As an equine fitness enthusiast, I occasionally end up helping students develop rehabilitation programs for their horses after injury or prolonged layup. This is never a bright time. Faced with wasted muscles or lower legs mottled with inflammation or hooves with sections missing, owners look at their steeds warily. How will they ever perform normally again?

While optimism can be a challenge, I take every chance I can to remind students that this phase has a silver lining. By the fact that so much confinement and downtime has robbed your horse of movement and muscular tone, you now have the chance to rebuild him from scratch. This means you can entirely erase old movement patterns or unwanted habits he had prior to the layoff.

Consider Bentley, for example. Bentley is a sweet Fox Trotter that I saw monthly for clinics over the past year. Like many horses new to dressage, he was VERY one-sided. He traveled by twisting his nose to the right and carrying his ears unlevel. His bends and circles to the right were disorganized; he struggled to maintain a steady rhythm. All this asymmetry made his trot irregular and laboured. Then a few months ago, he sustained an injury to his rear fetlock and spent two months on stall rest with daily hand walks.
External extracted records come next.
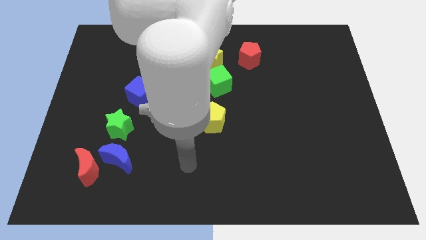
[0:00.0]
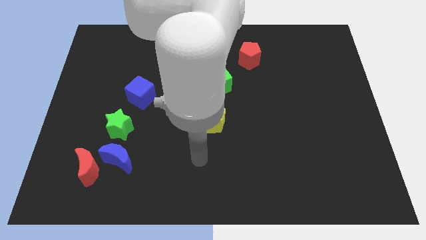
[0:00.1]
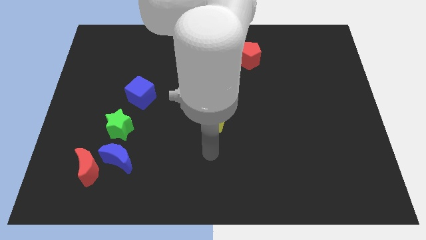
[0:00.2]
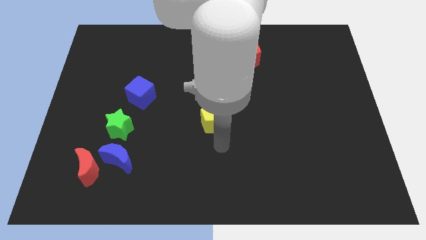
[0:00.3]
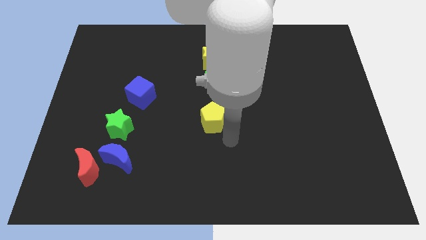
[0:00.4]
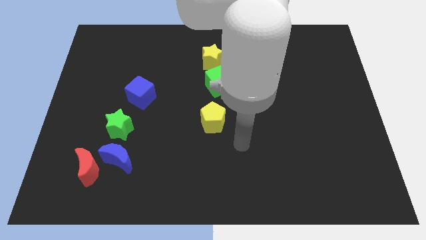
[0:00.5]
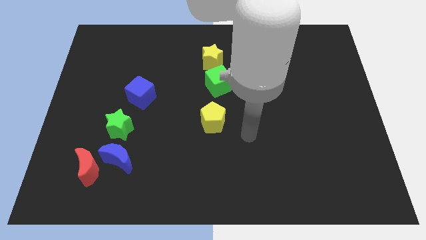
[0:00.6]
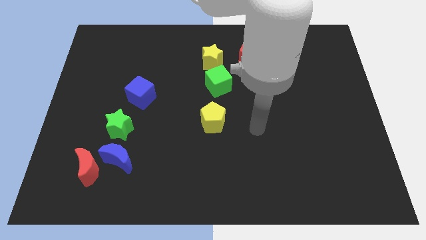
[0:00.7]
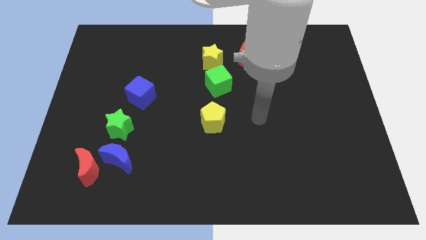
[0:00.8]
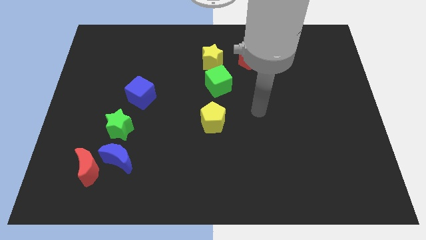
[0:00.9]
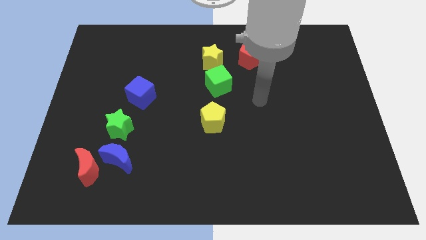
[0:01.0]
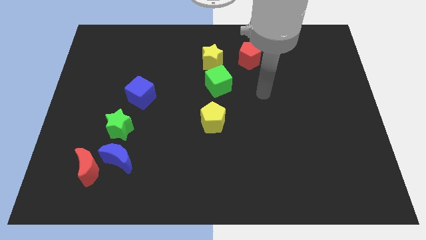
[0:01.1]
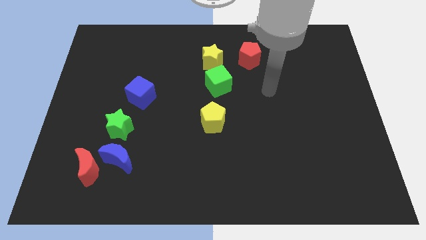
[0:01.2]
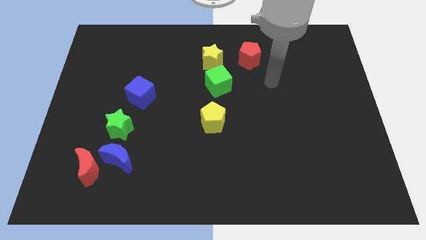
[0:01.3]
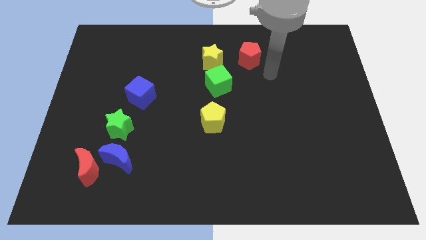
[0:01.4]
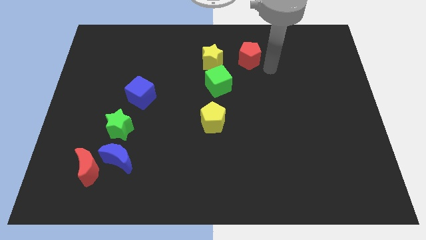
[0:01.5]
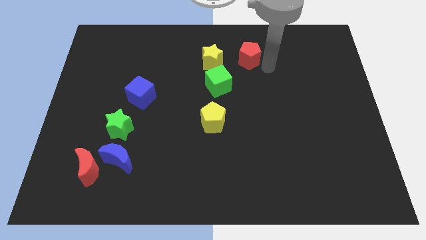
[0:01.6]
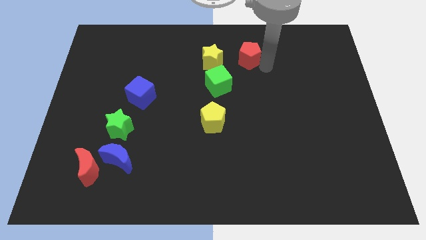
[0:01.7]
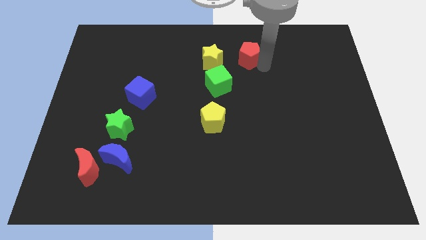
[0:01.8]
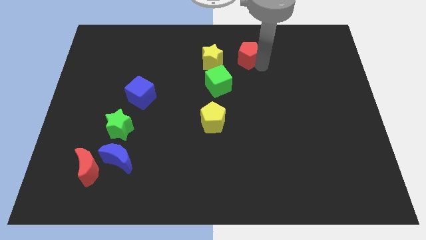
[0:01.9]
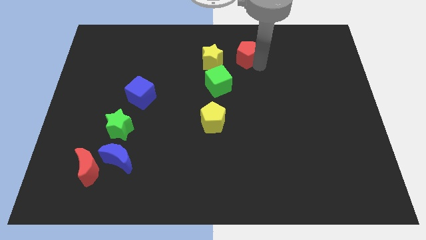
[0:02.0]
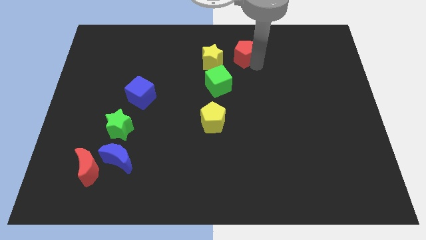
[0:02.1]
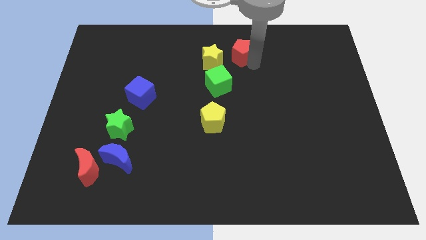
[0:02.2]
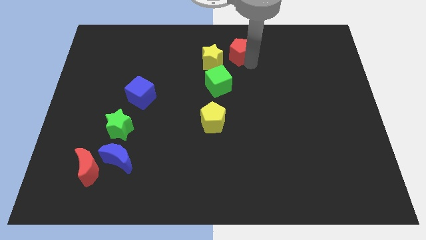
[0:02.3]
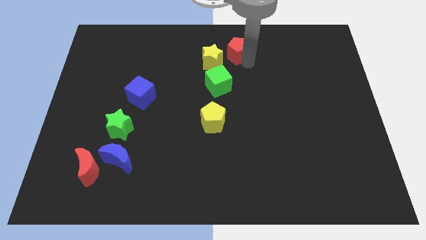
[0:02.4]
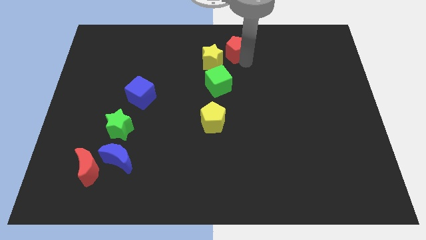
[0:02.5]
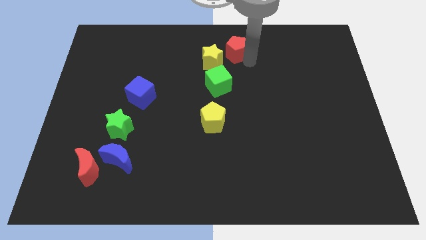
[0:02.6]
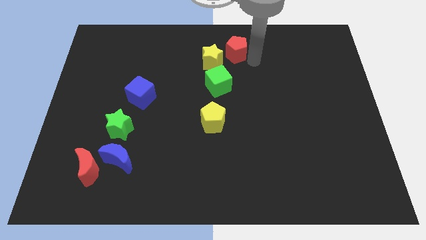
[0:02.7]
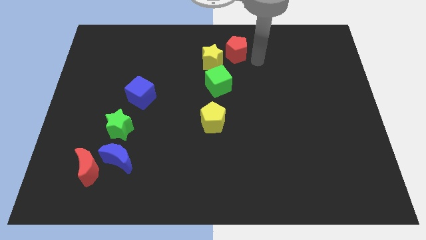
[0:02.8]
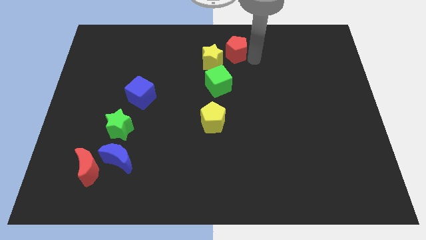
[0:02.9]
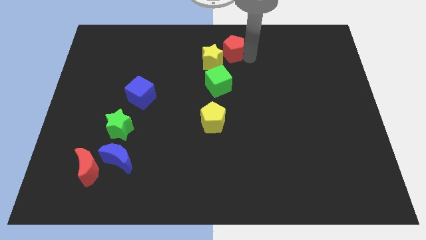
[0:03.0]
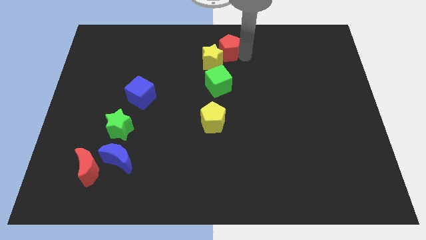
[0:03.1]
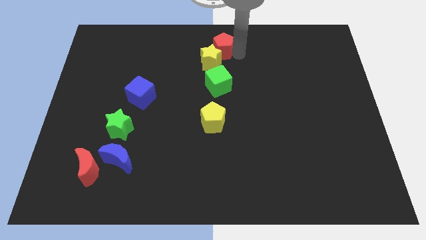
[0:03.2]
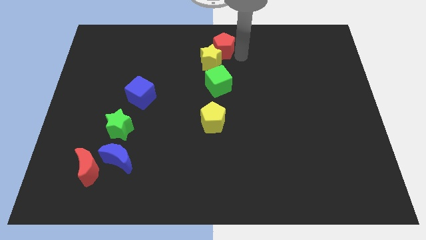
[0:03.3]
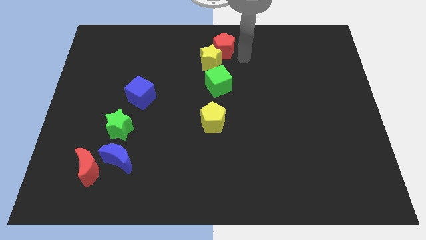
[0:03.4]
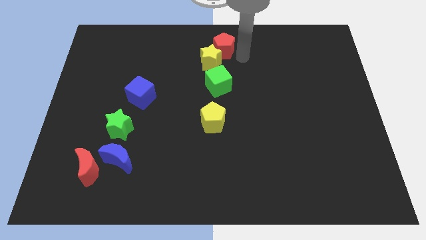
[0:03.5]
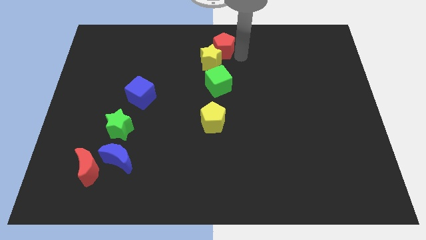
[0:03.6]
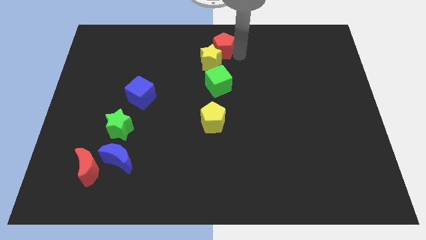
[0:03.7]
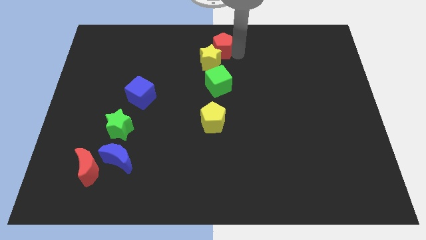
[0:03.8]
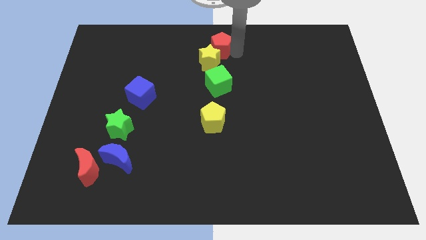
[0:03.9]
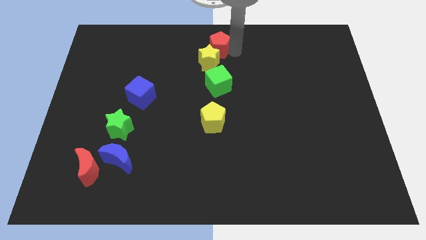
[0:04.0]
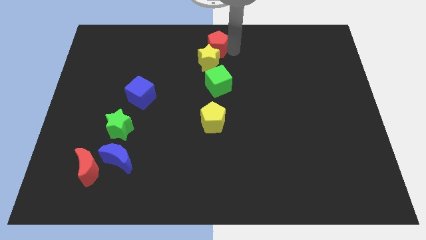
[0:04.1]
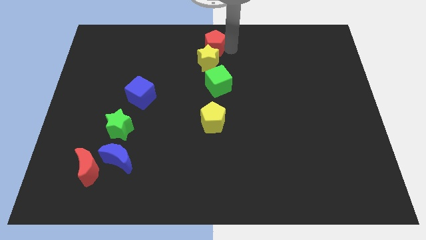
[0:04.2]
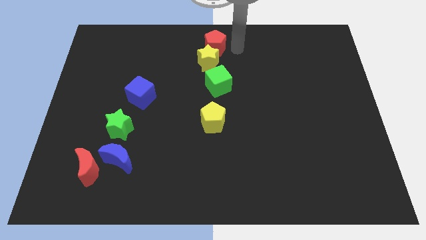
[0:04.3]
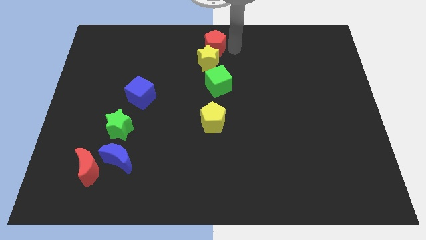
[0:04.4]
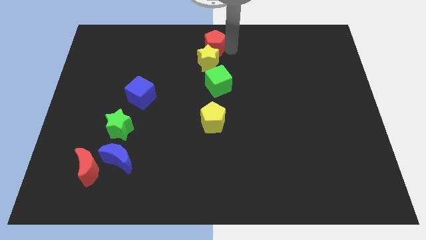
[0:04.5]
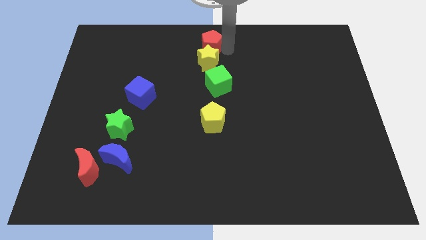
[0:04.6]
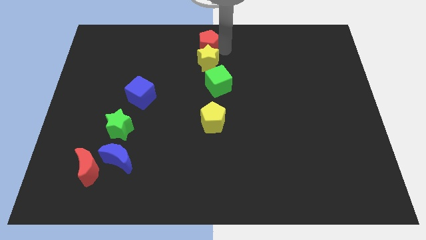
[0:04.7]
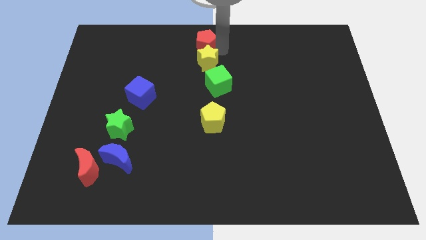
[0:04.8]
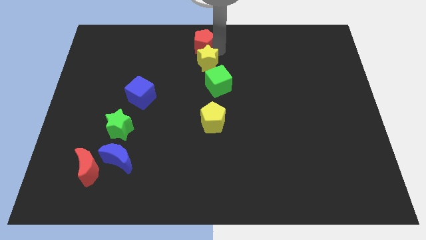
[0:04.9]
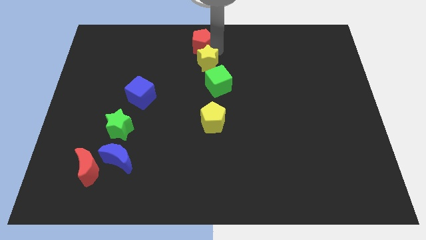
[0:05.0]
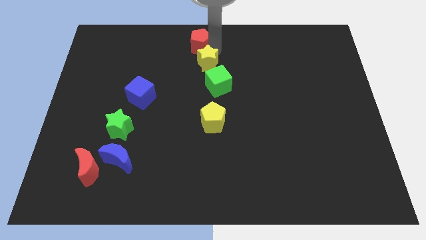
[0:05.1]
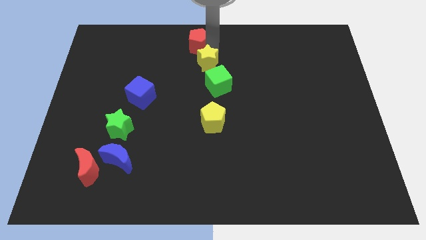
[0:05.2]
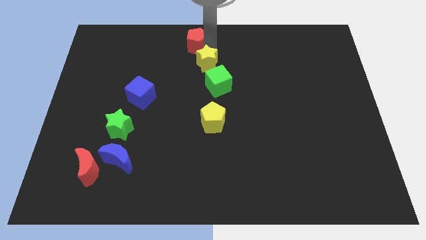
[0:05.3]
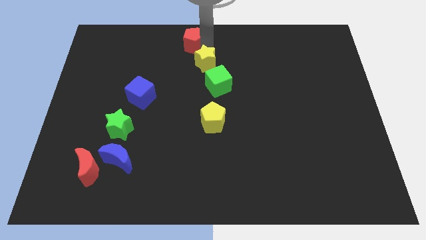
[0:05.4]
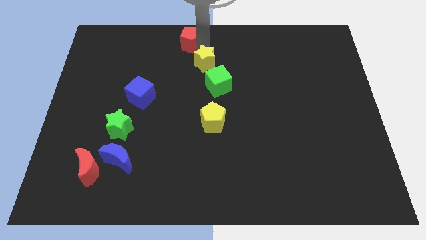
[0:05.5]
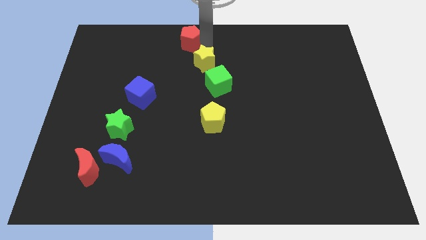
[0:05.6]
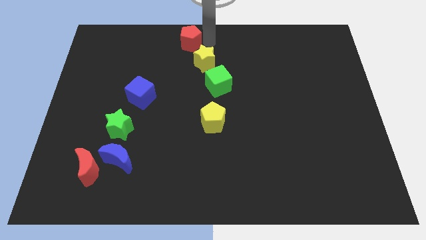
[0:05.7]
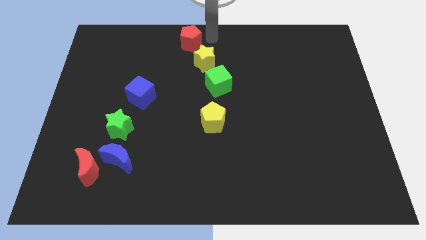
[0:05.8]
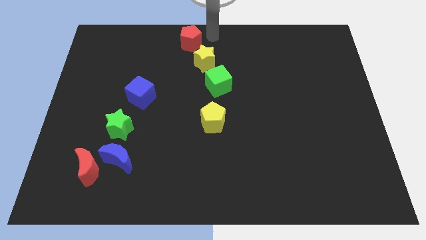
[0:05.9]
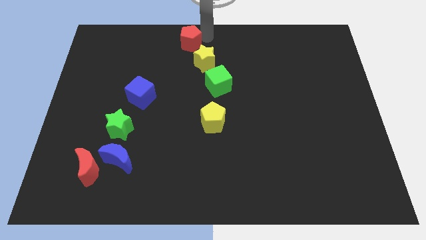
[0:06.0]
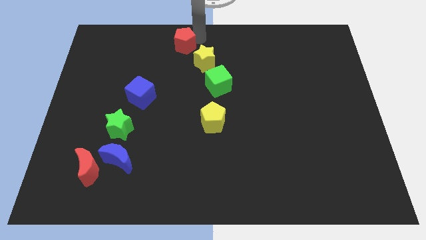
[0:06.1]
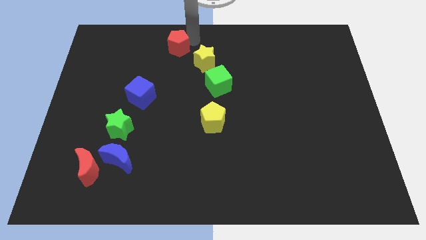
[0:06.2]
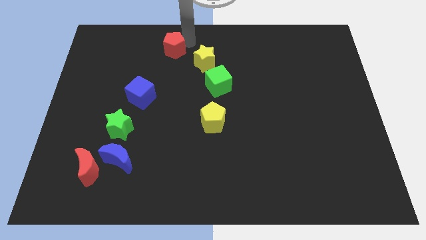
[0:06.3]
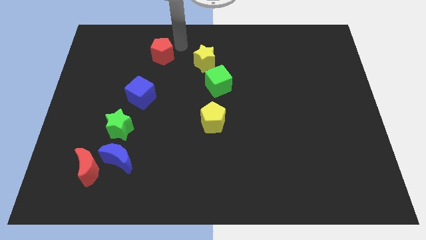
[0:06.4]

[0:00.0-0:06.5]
slide the red pentagon to the left

He has now been cleared by the vets to begin short walking sessions under saddle. He is weak, unfit, and a little stir crazy. But he is also a clean slate. He has had months without accessing his habitual movement patterns, or in his case the crookedness on his right side. So, yes, it would be lovely if he were not limited to only a minimal rehab schedule right now and his rider were able to trail ride and take him to ranch riding competitions as she wants to. But on the other hand, these next few weeks are going to make Bentley a better athlete in the long run. As he slowly rebuilds his neuromuscular system, he stands a chance to be more symmetrical than he ever has.

In his first week back under saddle, our program goes as follows: I hand walk him for 10 minutes to get joint fluids circulating and soft tissues stimulated. Then I get on and ride him in a marching walk for 20 minutes, primarily on straight lines, with 15-second bouts of trotting interspersed. Afterwards, I ice his fetlock. We do this routine twice per day.
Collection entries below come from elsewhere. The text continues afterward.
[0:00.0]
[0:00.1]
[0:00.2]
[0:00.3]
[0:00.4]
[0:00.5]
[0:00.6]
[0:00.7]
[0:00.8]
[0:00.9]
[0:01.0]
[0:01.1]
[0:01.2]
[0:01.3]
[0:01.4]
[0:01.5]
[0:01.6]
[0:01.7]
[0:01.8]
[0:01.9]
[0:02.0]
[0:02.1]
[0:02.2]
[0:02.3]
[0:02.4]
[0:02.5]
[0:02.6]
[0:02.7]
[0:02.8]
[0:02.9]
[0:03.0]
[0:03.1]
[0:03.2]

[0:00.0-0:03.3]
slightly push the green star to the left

Indeed, this much walking under saddle COULD be seen as maddening in its boredom, but I’m determined for it to be as productive as possible. First off, I ask that he stretch his neck forwards and downwards so that his top and bottom muscle chains are positively tensioned. Next, I ensure that he keeps a steady rhythm and stretches STRAIGHT in to my reins – no head tilting – which means he has to engage both hind legs equally. His old crookedness habit tries to crop up occasionally but I coax him through it quickly, and since he does not have any strength behind that pattern right now, he is plenty willing to let it go when I ask.

As Bentley slowly rebuilds over the next weeks and months, he will not just be returning to a previous level of strength. He will also be implanting new, more correct ways of using his body. Therein lies the silver lining. I implore students who find themselves in these situations to treat them as the opportunities they are. Do not just hurry to restore your horse’s performance to pre-injury status. Aim instead to use rehab to permanently fix problems that lurked before.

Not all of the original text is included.